Phylogenetic tree resulting from GeneBee analysis of BCH1 sequences from the 5′ end of intron I to the 3′ end of intron II from the Crocus populations described in Table II. Symbols next to each name denote populations of the same species: •, C. cartwrightianus; C, C. hadriaticus; ▴, C. oreocreticus; and 8, C. pallasii. On the right side of the tree, representative HPLC profiles of aqueous extracts (apocarotenoid extracts) obtained from fully developed stigmas from several Crocus species, which are indicated in the right side of each profile, are shown. The species inside the group Crocus are characterized by the highest levels of apocarotenoids accumulated in their stigma tissue.

Figure 5.

Expression levels of saffron carotenogenic genes during stigma development. The mRNA levels were determined by RT-PCR amplification using specific oligonucleotides for each carotenogenic gene. A, Stigma tissue of C. sativus in different developmental stages.

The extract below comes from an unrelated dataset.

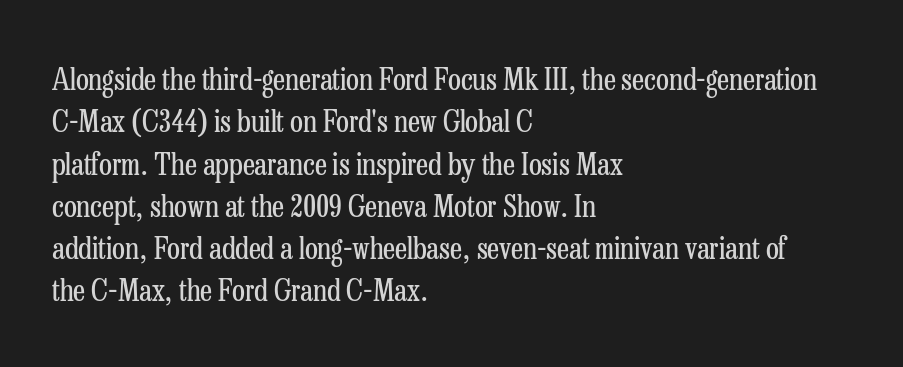
A light-to-regular cut is what we see here. Characters follow at the spacing the type designer built in. Any mark beneath the type? The region is blank. The rendering uses natural spacing where letterforms have individual widths. The passage shown is typeset with a serif family.

B, CsBCH1 and CsBCH2 transcript expression in undeveloped (StII and StIV) and fully developed (StVIII) stigma, petals, and leaves. The expression pattern of CsPSY, CsPDS, CsLYCb, CsCCD, and CsZDS was monitored during stigma development. Equal amounts of total RNA were used in each reaction. The levels of constitutively expressed RPS18 coding genes were assayed as controls. The PCR products were separated by 2% (w/v) agarose gel electrophoresis and visualized by ethidium bromide staining.

Figure 6.

Pigmentation levels in Crocus species are associated with carotenoid and BCH transcript accumulation. A, External pigmentation of fully developed stigmas of several Crocus species. From left to right, C. hadriaticus, C. cartwrightianus, C. imperati, C. goulimyi, and C. sativus. B, HPLC profile of carotenoids extracted form stigma tissues. C, Detection of BCH transcripts by RT-PCR in fully developed stigma at the time of anthesis in different Crocus species. The levels of constitutively expressed RPS18 coding genes were assayed as controls. The PCR products were separated by 2% (w/v) agarose gel electrophoresis and visualized by ethidium bromide staining. At the bottom, the crocin concentration for each of the species analyzed is shown.